Elementary Complex Differential Forms I learned that an elementary differential form was one like $dx^{i_1}\wedge\cdots\wedge dx^{i_n}$ where $1\leq i_1<\cdots < i_n\leq n$ if we are on an real $n$-dimensional manifold. I'm trying to learn about complex differential forms, but I am getting confused about the introduction of $d\overline{z}$. The crux of my question is if I want to take a complex contour integral on a complex analytic $n$-dimensional (with respect to $\mathbb{C}$ basis) manifold what does it look like? I had imagined that if I had a complex function, $f$, defined on my complex analytic $n$-dimensional manifold, then the integral would look like $\int_C fdz^1\wedge\cdots\wedge dz^n$. But I keep seeing use of $d\overline{z}$, and I don't know how this fits in. 
I've also seen a few complexification arguments in my reading, but if this can be done without considering the real space, I would prefer to do it that way. Any advice is much appreciated!

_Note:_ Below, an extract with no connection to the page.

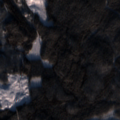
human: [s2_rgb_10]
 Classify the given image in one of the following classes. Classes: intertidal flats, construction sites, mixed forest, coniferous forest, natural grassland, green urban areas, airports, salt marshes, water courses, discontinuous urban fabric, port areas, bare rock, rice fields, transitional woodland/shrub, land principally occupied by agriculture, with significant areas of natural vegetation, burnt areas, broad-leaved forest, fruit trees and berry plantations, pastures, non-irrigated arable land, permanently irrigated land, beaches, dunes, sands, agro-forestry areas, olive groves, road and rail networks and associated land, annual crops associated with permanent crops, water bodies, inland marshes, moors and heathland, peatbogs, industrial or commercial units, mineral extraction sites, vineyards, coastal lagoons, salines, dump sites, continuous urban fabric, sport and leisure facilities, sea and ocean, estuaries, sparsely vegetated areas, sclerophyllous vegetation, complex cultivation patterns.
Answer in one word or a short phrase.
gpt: coniferous forest
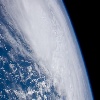
Label: cloud

 A: First, in your first line, you needn't have an $n$-form on an $n$-dimensional manifold. I would write a general $k$-form as a linear combination of $dx^{i_1}\wedge\dots\wedge dx^{i_k}$ with $1\le i_1<\dots<i_k\le n$.

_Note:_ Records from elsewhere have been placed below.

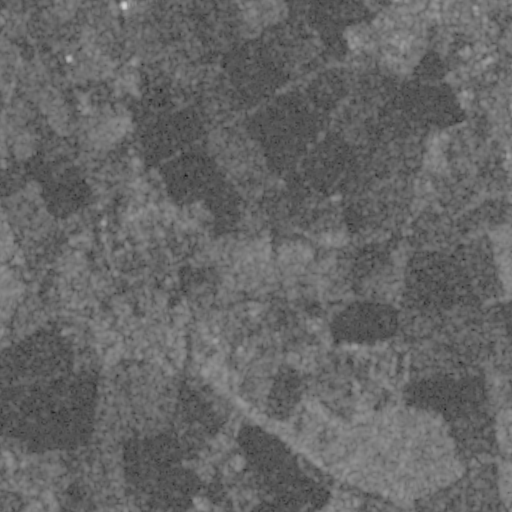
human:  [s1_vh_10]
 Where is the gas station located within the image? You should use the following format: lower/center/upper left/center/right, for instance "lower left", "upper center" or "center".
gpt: The gas station is located in the upper right of the image.
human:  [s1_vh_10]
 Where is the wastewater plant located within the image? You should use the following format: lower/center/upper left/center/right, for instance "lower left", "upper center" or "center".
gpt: The wastewater plant is located in the lower right of the image.
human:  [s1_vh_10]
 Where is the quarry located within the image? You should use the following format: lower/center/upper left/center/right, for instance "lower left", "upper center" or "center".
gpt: There is no quarry in the image.

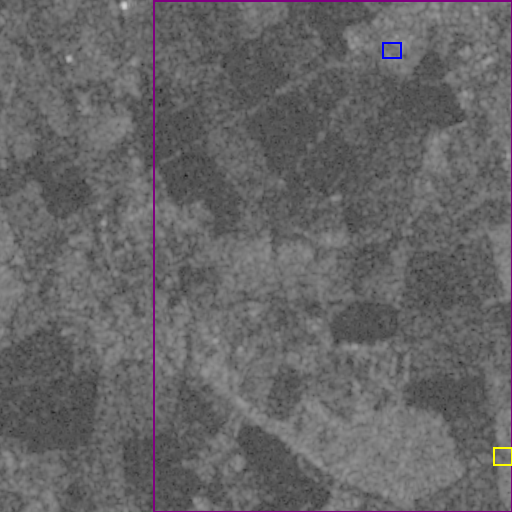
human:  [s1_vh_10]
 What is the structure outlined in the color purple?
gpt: The structure outlined in purple is a crop field.
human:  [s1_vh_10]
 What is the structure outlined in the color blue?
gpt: The structure outlined in blue is a park.
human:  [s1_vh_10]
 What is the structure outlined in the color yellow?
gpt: The structure outlined in yellow is a wastewater plant.
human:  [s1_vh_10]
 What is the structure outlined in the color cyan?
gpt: There is no cyan outline.

Next, if you want to think about integrating a top-degree form over an $n$-dimensional complex manifold, you will want 
$$f(z)dz^1\wedge d\bar z^1\wedge\dots\wedge dz^n\wedge d\bar z^n,$$
often referred to as a form of type $(n,n)$. In general, a form of type $(p,q)$ will be a linear combination of forms of the type
$$f(z)dz^{j_1}\wedge\dots\wedge dz^{j_p}\wedge d\bar z^{k_1}\wedge\dots\wedge d\bar z^{k_q}.$$
If you're thinking about the analog of residue computations in one complex variable, what you'll actually want to do is integrate a meromorphic $n$-form
$$\omega = h(z)dz^1\wedge\dots\wedge dz^n$$
(where $h(z)$ is a meromorphic function, typically with poles along a divisor with normal crossings) over an $n$-cycle $\Gamma$. For example, if
$h(z) = \dfrac{f(z)}{g_1(z)\dots g_n(z)}$, with $f$ and all $g_j$ holomorphic, then the immediate generalization of the classical residue computation will be $\displaystyle\int_\Gamma \omega$ for $\Gamma = \{|g_j|=\varepsilon, j=1,\dots,n\}$. You can see more about such things in, e.g., Griffiths and Harris, Chapter 5.